The health system also uses a bot to automatically generate appeal letters based on certain denial codes. 

Schavone said using ML and NLP is the long-term goal as AI technology continues to evolve.

For example, Banner Health has also developed its own predictive model that determines whether a write-off is warranted based on certain denial codes and the low probability of payment.

“Machine learning and predictive analytics are great tools to ingest large amounts of data, find patterns and make decisions based on what’s already happened,” said Schavone. “In the very near future, AI is going to ingest that data and make recommendations for improvement. For example, consider our predictive model for write-offs. Soon, AI will synthesize that data and make improvement recommendations like our continuous improvement team does today.”

Combating payer denials: Community Medical Centers

At Community Medical Centers, a not-for-profit healthcare network based in Fresno, California, Eric Eckhart, director of patient financial services, said increasing claim volume continually added pressure on the revenue cycle management (RCM) team.

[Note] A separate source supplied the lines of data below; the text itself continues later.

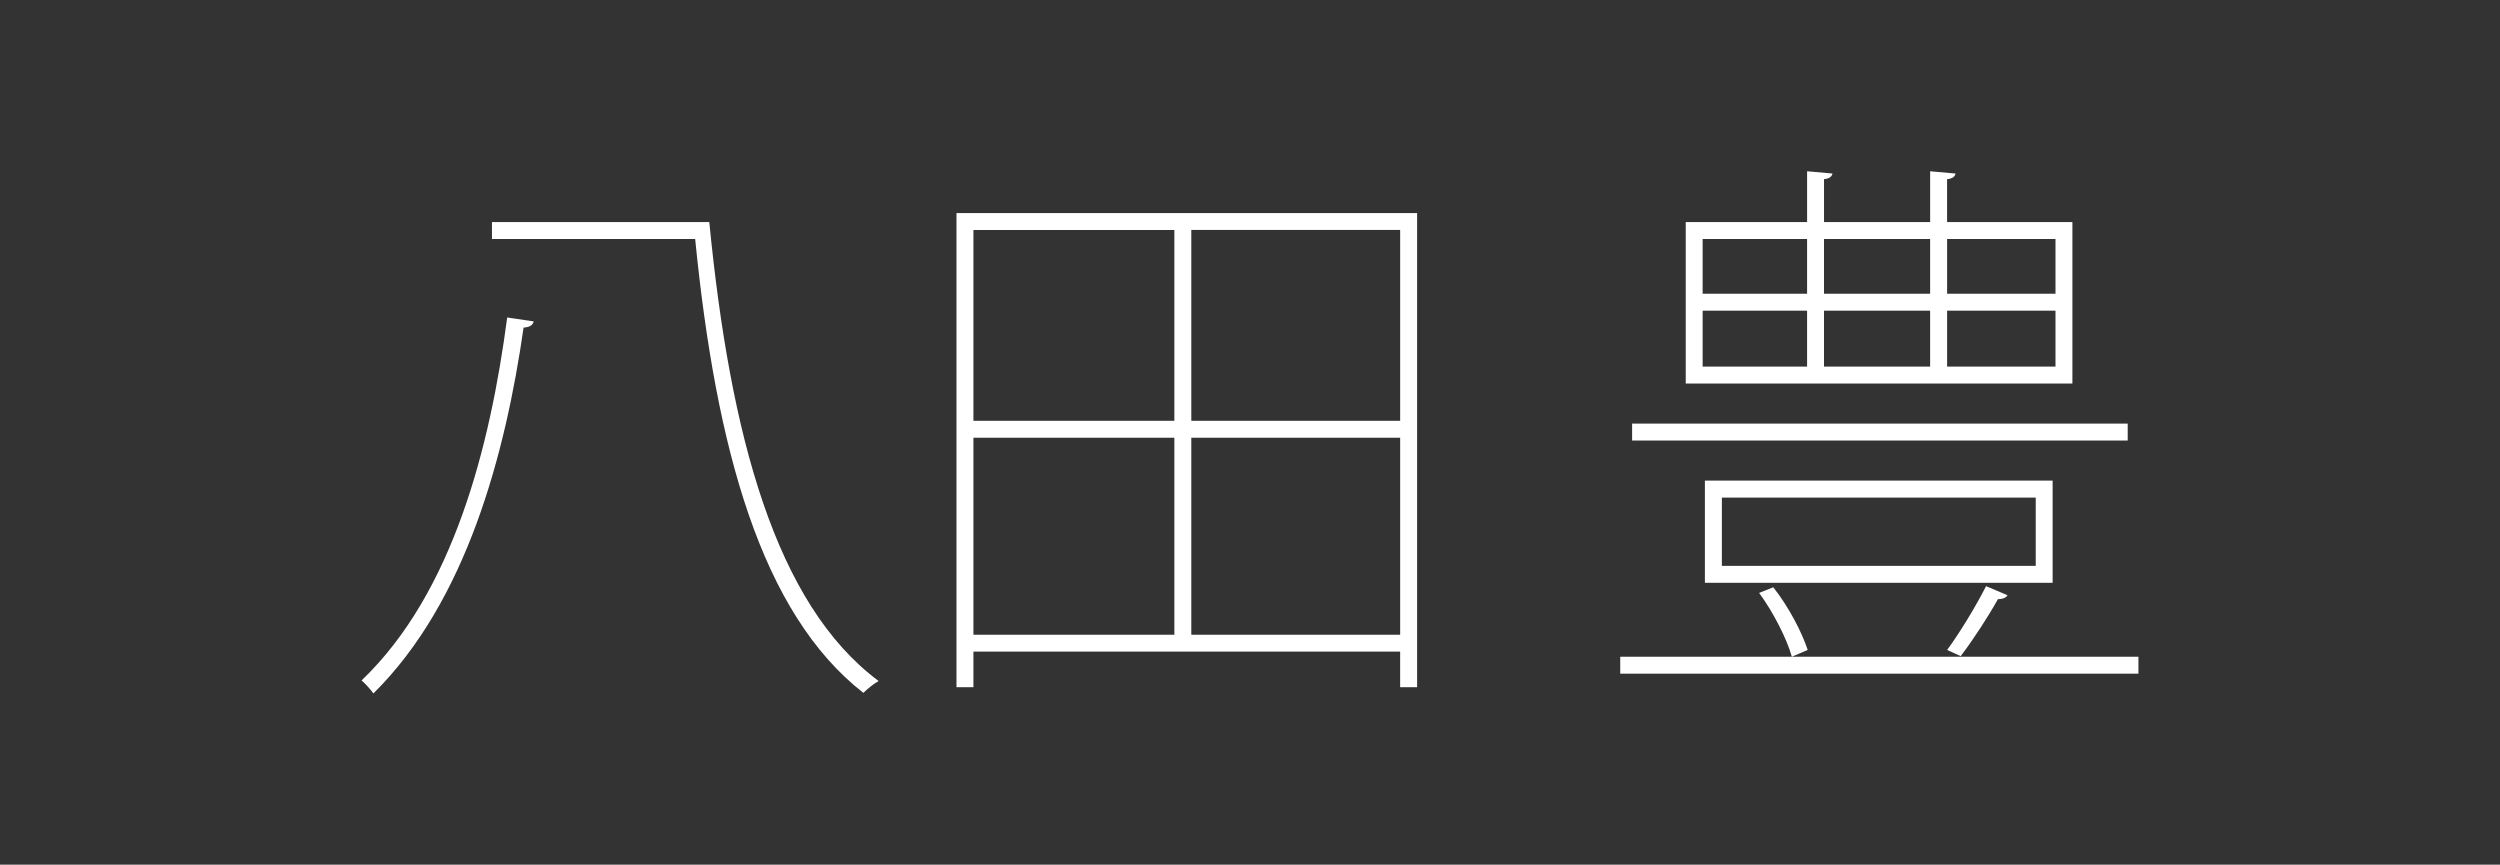 <?xml version="1.0" encoding="utf-8"?>
<!-- Generator: Adobe Illustrator 16.0.4, SVG Export Plug-In . SVG Version: 6.00 Build 0)  -->
<!DOCTYPE svg PUBLIC "-//W3C//DTD SVG 1.1//EN" "http://www.w3.org/Graphics/SVG/1.1/DTD/svg11.dtd">
<svg version="1.1" id="レイヤー_1" xmlns="http://www.w3.org/2000/svg" xmlns:xlink="http://www.w3.org/1999/xlink" x="0px"
	 y="0px" width="173.473px" height="60px" viewBox="0 0 173.473 60" enable-background="new 0 0 173.473 60" xml:space="preserve">
<rect x="0" y="0" width="173.473" height="60" fill="#333333" stroke="none"/>
<g id="レイヤー_1_1_">
	<g>
		<g>
			<path fill="#FFFFFF" d="M37.035,22.303c-0.077,0.274-0.273,0.392-0.705,0.431c-1.253,8.735-3.955,18.997-10.419,25.382
				c-0.195-0.273-0.548-0.666-0.822-0.9c6.385-6.11,8.931-16.295,10.105-25.187L37.035,22.303z M34.137,15.409h15.08
				c1.449,14.807,4.583,26.518,11.751,31.846c-0.354,0.195-0.784,0.55-1.059,0.822c-7.09-5.522-10.224-16.922-11.672-31.493H34.137
				V15.409z"/>
			<path fill="#FFFFFF" d="M66.369,14.783h31.963v32.902h-1.177v-2.469h-29.61v2.469h-1.176V14.783z M81.488,15.958H67.545v13.24
				h13.943V15.958z M67.545,30.372v13.67h13.943v-13.67H67.545z M97.156,29.197v-13.24H82.664v13.24H97.156z M82.664,44.042h14.492
				v-13.67H82.664V44.042z"/>
			<path fill="#FFFFFF" d="M148.384,45.568v1.177h-35.957v-1.177H148.384z M147.639,29.393v1.175h-34.388v-1.175H147.639z
				 M143.802,15.409v11.203h-26.83V15.409h8.421v-3.525l1.762,0.157c-0.039,0.196-0.193,0.353-0.588,0.392v2.977h7.364v-3.525
				l1.763,0.157c-0.038,0.196-0.194,0.353-0.587,0.392v2.977h8.695V15.409z M118.145,16.584v3.8h7.247v-3.8H118.145z
				 M118.145,21.559v3.878h7.247v-3.878H118.145z M142.43,33.35v7.09h-24.129v-7.09H142.43z M141.258,39.266v-4.74h-21.779v4.74
				H141.258z M124.336,45.568c-0.354-1.252-1.291-3.094-2.271-4.426l0.98-0.392c1.058,1.33,1.996,3.133,2.389,4.349L124.336,45.568z
				 M133.93,16.584h-7.364v3.8h7.364V16.584z M133.93,21.559h-7.364v3.878h7.364V21.559z M142.629,20.384v-3.8h-7.521v3.8H142.629z
				 M142.629,25.437v-3.878h-7.521v3.878H142.629z M139.299,41.302c-0.078,0.154-0.312,0.273-0.666,0.273
				c-0.627,1.135-1.686,2.778-2.584,3.955l-0.94-0.431c0.901-1.216,2.075-3.175,2.702-4.427L139.299,41.302z"/>
		</g>
	</g>
</g>
<g id="レイヤー_2">
</g>
<g id="レイヤー_4">
</g>
<g id="レイヤー_5">
</g>
<g id="レイヤー_6">
</g>
<g id="レイヤー_3">
</g>
</svg>

“I needed a tool in my toolbox to help my staff keep up,” said Eckhart. “My expenses are also highly monitored. Coming out of COVID, it has been rough. I needed something to give me an edge, and I wanted to try different things. AI is just a piece of that.”

The tool it chose is a product from its clearinghouse that reviews claims before they’re submitted and flags any that are likely to be denied based on Community Medical Centers’ own historical payment data and payer adjudication rules.

“It looks at all our claims and all our remittances back from payers and says over these thousands of claims for this particular payer for this particular denial, it’s denying 70% or 80% or 90% of the time. You need to pay attention to this,” said Eckhart.

Community Medical Centers currently uses AI to address two types of denials proactively: Lack of prior authorization and service not covered. For lack of prior authorization, staff simply obtain the authorization number and include it on the claim. Denials for service not covered require ongoing education for patient access staff in the ED, where turnover has been high.

“What we would typically find is that payers were using ‘service not covered’ for eligibility denials,” said Eckhart. “We have a lot of managed Medicaid in California along with traditional Medicaid, and there were a lot of upfront registration issues happening.”

Since deploying the service six months ago, the health system has seen a 22% decrease in prior authorization denials by commercial payers and an 18% decrease in denials for services not covered — without hiring additional RCM staff. Also, the health system saves 30-35 hours a week by not having to write as many back-end appeals. 

Before deploying AI, Eckhart said, the RCM team took a retrospective approach to denials management, focusing mostly on high-dollar denials while missing “easy wins” that could have had a large impact. AI found what Eckhart calls a “funky, erroneous denial” pattern that spurred ongoing conversation with one large payer to resolve. “We might have been able to catch this trend through a denials analysis report, but the AI is another tool watching out for it,” said Eckhart.

In the future, healthcare organizations will increasingly use AI to generate documentation for administrative processes such as prior authorization letters or even clinical notes.

Eckhart envisions many future uses of AI, one of which could be to monitor remote RCM staff productivity. 

“If we had AI learning [the] work patterns of employees — what’s common and what’s not — and then flagging and making us aware [of those patterns], that can provide some valuable insights and relieve some of my management team from having to pull manual reports, look through time logs and do some of the reviews,” he said. 

The hospital is working with its computer-assisted coding vendor to build an application for its multi-specialty practices. 

The experience of Community Medical Centers and others like it underscores how AI offers organizations opportunities to gain efficiency, revenue and cost savings by helping them to improve workflow and processes.